Once your taxonomies have passed these simple, glanceable structure tests, you should further test them by running them against your information corpus. This next step is a further test of the quality of your taxonomies, showing how well they perform against real data, and giving you another opportunity to adjust and refine their structure before you move to the next step in knowledge management design

Test Your Taxonomies

Before framing your documents against a taxonomy--essentially an indexing process--keywords, concepts and entities must be recognized in order to provide an accurate and precise understanding of the content of each document. In the best systems, a sophisticated linguistic analysis process is employed to correctly identify the phrases concepts, entities (collectively referred to as tokens), etc., found within documents. This linguistic analysis process generates a first level of normalization (stemming) on textual content. For example, if your organization chooses to use the word "gun" to represent everything from a pistol to a rifle, then all documents referencing these sorts of firearms will appear under the category of "gun."

Once the tokens are extracted, they can be run--or latched--against one or multiple taxonomies, resulting in a very rich index of the contents of your documents. This indexing process creates a semantic signature for each document. The resulting semantic signature ranks all the taxonomic categories, which have been linked to each document token, along with additional information including the location of these tokens in the document, etc. The semantic signature--or collection of metadata--within each document is then retrievable as an XML representation of the contents of each document.

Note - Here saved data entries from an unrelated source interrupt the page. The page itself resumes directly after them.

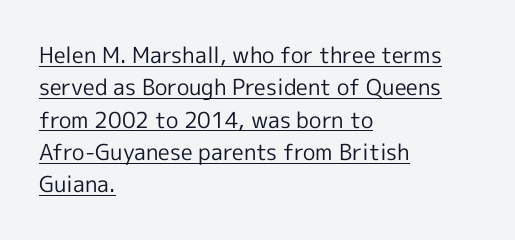
The image shows 22 px text type, upright; set left-aligned, normal line spacing (1.47x), normal letter spacing, underlined.
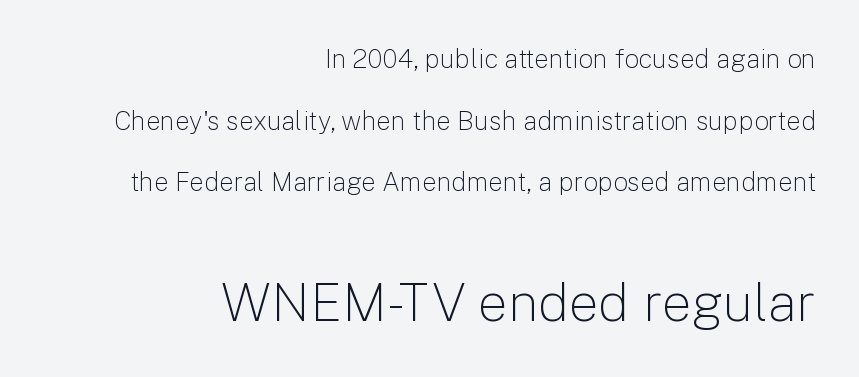
The font's upright variant was chosen for this text. A clean baseline with only descenders dipping below it. The designer went with a sans here, leaving each stem footless. Weight class: somewhere from thin through regular. Successive baselines arrive slowly, with a big drop between each. Short note: letters normally spaced.
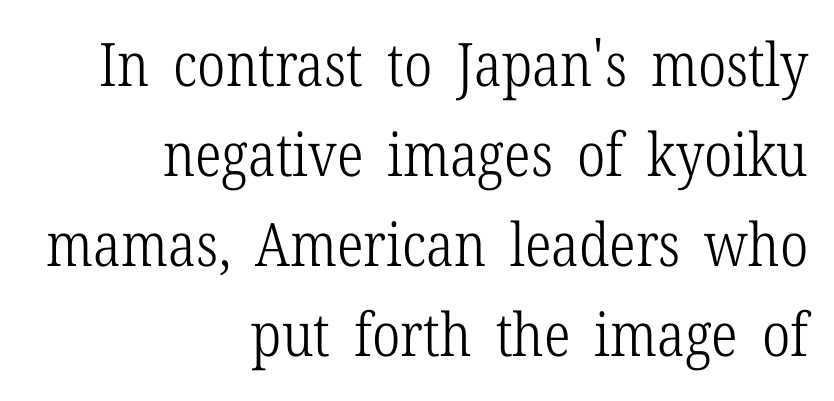
Q: Is the text bold? A: No.
Q: Is the text italic (slanted)? A: No, it is upright.
Q: Is the typeface a serif or a sans-serif typeface? A: Serif.
Q: Is the text underlined? A: No.
Q: How is the paragraph aligned? A: Right-aligned.
Q: Is the spacing between letters normal or unusually wide? A: Normal.
Q: Is the spacing between lines tight, normal or loose? A: Normal.
Q: Width (condensed, normal, or wide)? A: Condensed.
Q: Stroke contrast? A: Low.
Q: x-height? A: Medium.
Q: Monospaced? A: No.
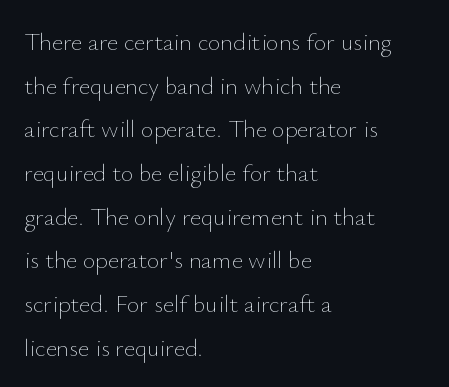
{"italic": "no", "bold": "no", "underline": "no", "align": "left", "line_spacing_ratio": 1.82, "letter_spacing": "normal", "letter_spacing_em": 0.0, "glyph_px": 24}
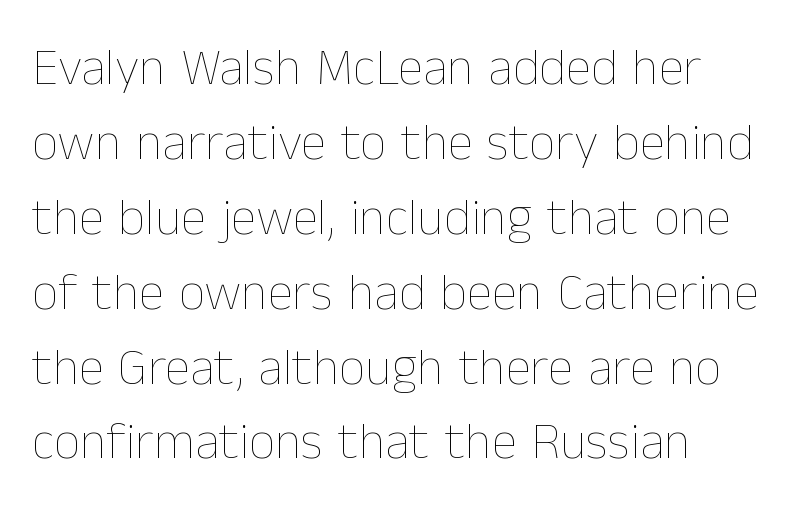
Q: Is the text bold? A: No.
Q: Is the text italic (slanted)? A: No, it is upright.
Q: Is the text underlined? A: No.
Q: Is the spacing between letters normal or unusually wide? A: Normal.
Q: Is the spacing between lines tight, normal or loose? A: Normal.
Q: Width (condensed, normal, or wide)? A: Normal.
Q: Stroke contrast? A: Low.
Q: x-height? A: Medium.
Q: Monospaced? A: No.
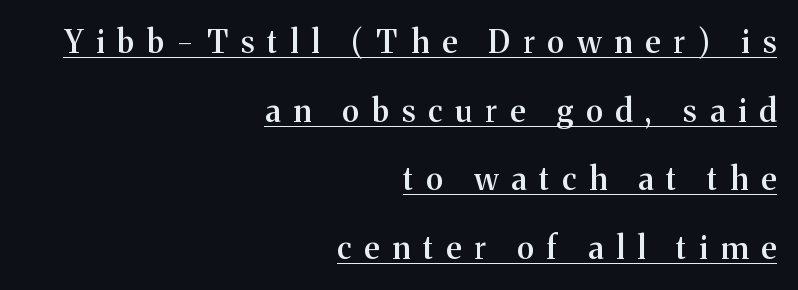
In designer terms, the underline attribute is active on this setting. Style check: upright. How heavy is the stroke? Medium-heavy — a semibold, shy of bold. Check where the strokes stop: tiny serifs finish them off. This rendering widens character spacing well past its baseline value.
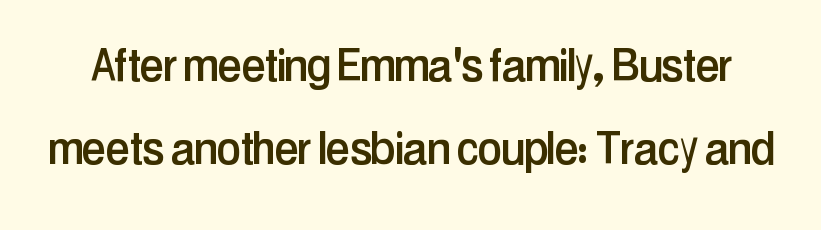
Q: Is the text italic (slanted)? A: No, it is upright.
Q: Is the typeface a serif or a sans-serif typeface? A: Sans-serif.
Q: Is the text underlined? A: No.
Q: Is the spacing between letters normal or unusually wide? A: Normal.
Q: Is the spacing between lines tight, normal or loose? A: Normal.
Q: Width (condensed, normal, or wide)? A: Condensed.
Q: Stroke contrast? A: Low.
Q: x-height? A: Medium.
Q: Monospaced? A: No.

As a result of this process, you can view the "latching scores" of your documents, another indicator of the health of your design. You'll see concentrations of latches in certain categories, which may be overly deep or wide, or clearly duplicated. Taxonomically based indexing technology will produce tables with additional metrics. These metrics will show which categories are overproducing tags and which aren't producing enough. Figure 7 shows the distribution of category production on a vertical scale of depth through the taxonomy. You are looking for a nice bell curve on both sides.

[FIGURE 7 OMITTED]

Using this and other latching metrics, you can go back, adjust the ontology as appropriate and re-run the documents again, testing the results until you sec a proper, balanced structure. Once achieved, the data is ready for import to your content management system, portal, or whatever information management or viewing mechanism you choose.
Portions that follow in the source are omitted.